Je vous invite à faire une expérience qui va façonner votre vie d’une nouvelle manière. Placez-vous debout et pensez à une situation pénible (actuelle ou passée). A l’instant où la mémoire se réactive, une émotion émerge. Déterminez s’il s’agit d’une peur, d’une colère ou d’une tristesse et évaluez son intensité sur une échelle allant de 0 à 10 (10 correspond à un état émotionnel insupportable).

Formulez la situation de vive voix. Par exemple : « Il y a deux ans, j’ai perdu mon ami et cela me rend triste. » Imaginez que l’émotion en question se tienne face à vous maintenant. Regardez-la attentivement un instant. Puis, modifiez la phrase. Vous ne direz plus « il y a deux ans, j’ai perdu mon ami et cela me rend triste », mais « j’observe qu’il y a deux ans, un être humain a perdu un ami et cela le rend triste ». En répétant la phrase trois fois, vous pencherez le torse en avant, de manière à ce que la tête et les bras pendent vers le sol. Inclinez littéralement le corps devant cette émotion.

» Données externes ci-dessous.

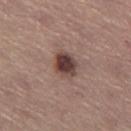The lesion was photographed on a routine skin check and not biopsied; there is no pathology result.
The total-body-photography lesion software estimated an average lesion color of about L≈42 a*≈18 b*≈21 (CIELAB), roughly 14 lightness units darker than nearby skin, and a normalized border contrast of about 11.
Measured at roughly 3.5 mm in maximum diameter.
A female patient, aged around 65.
The tile uses white-light illumination.
Cropped from a whole-body photographic skin survey; the tile spans about 15 mm.
The lesion is on the right thigh.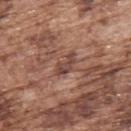Clinical impression: Imaged during a routine full-body skin examination; the lesion was not biopsied and no histopathology is available. Background: The lesion is located on the upper back. The subject is a male aged 73–77. A region of skin cropped from a whole-body photographic capture, roughly 15 mm wide.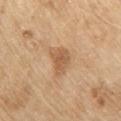<case>
  <biopsy_status>not biopsied; imaged during a skin examination</biopsy_status>
  <automated_metrics>
    <area_mm2_approx>6.5</area_mm2_approx>
    <eccentricity>0.65</eccentricity>
    <cielab_L>58</cielab_L>
    <cielab_a>20</cielab_a>
    <cielab_b>36</cielab_b>
    <vs_skin_contrast_norm>6.5</vs_skin_contrast_norm>
    <color_variation_0_10>2.5</color_variation_0_10>
    <peripheral_color_asymmetry>0.5</peripheral_color_asymmetry>
  </automated_metrics>
  <lesion_size>
    <long_diameter_mm_approx>3.5</long_diameter_mm_approx>
  </lesion_size>
  <image>
    <source>total-body photography crop</source>
    <field_of_view_mm>15</field_of_view_mm>
  </image>
  <patient>
    <sex>male</sex>
    <age_approx>70</age_approx>
  </patient>
  <lighting>white-light</lighting>
  <site>chest</site>
</case>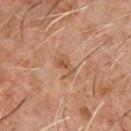Impression: This lesion was catalogued during total-body skin photography and was not selected for biopsy. Image and clinical context: About 3 mm across. A region of skin cropped from a whole-body photographic capture, roughly 15 mm wide. Captured under cross-polarized illumination. A male subject, roughly 60 years of age. On the chest.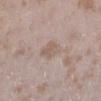Q: How was this image acquired?
A: total-body-photography crop, ~15 mm field of view
Q: Where on the body is the lesion?
A: the right lower leg
Q: What are the patient's age and sex?
A: female, aged 23 to 27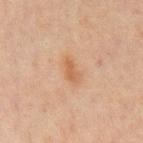Impression: Recorded during total-body skin imaging; not selected for excision or biopsy. Context: Automated tile analysis of the lesion measured a border-irregularity index near 3/10 and internal color variation of about 1 on a 0–10 scale. A roughly 15 mm field-of-view crop from a total-body skin photograph. Imaged with cross-polarized lighting. On the mid back. A male patient aged approximately 70.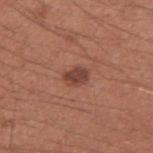{
  "biopsy_status": "not biopsied; imaged during a skin examination",
  "patient": {
    "sex": "male",
    "age_approx": 35
  },
  "site": "arm",
  "automated_metrics": {
    "cielab_L": 43,
    "cielab_a": 23,
    "cielab_b": 26,
    "vs_skin_darker_L": 10.0,
    "vs_skin_contrast_norm": 8.0,
    "border_irregularity_0_10": 2.0,
    "color_variation_0_10": 2.5,
    "peripheral_color_asymmetry": 1.0,
    "nevus_likeness_0_100": 70,
    "lesion_detection_confidence_0_100": 100
  },
  "image": {
    "source": "total-body photography crop",
    "field_of_view_mm": 15
  },
  "lesion_size": {
    "long_diameter_mm_approx": 2.5
  }
}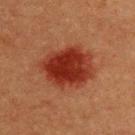Notes:
• notes · catalogued during a skin exam; not biopsied
• image source · ~15 mm crop, total-body skin-cancer survey
• lighting · cross-polarized illumination
• lesion diameter · ~6 mm (longest diameter)
• image-analysis metrics · a lesion color around L≈29 a*≈28 b*≈29 in CIELAB and about 12 CIELAB-L* units darker than the surrounding skin; a nevus-likeness score of about 100/100
• location · the upper back
• subject · male, roughly 40 years of age

Le dernier point repose sur votre pouvoir d’accueil. Répétez trois fois : « J’autorise cet être humain à fusionner avec l’émotion et à être en paix avec elle. » Permettez au corps de se détendre complètement sur le sol et visualisez comme l’émotion l’enveloppe chaleureusement. En respirant calmement, restez dans cette position jusqu’à ce que l’émotion ait complètement fusionné avec le corps.

Remerciez votre espace intérieur et vous-même pour cette expérience. Maintenant, repensez à la situation que vous avez choisie au début et évaluez à nouveau l’intensité de l’émotion. Vous constaterez qu’elle a diminué, et ce, parce que vous avez transcendé toute résistance.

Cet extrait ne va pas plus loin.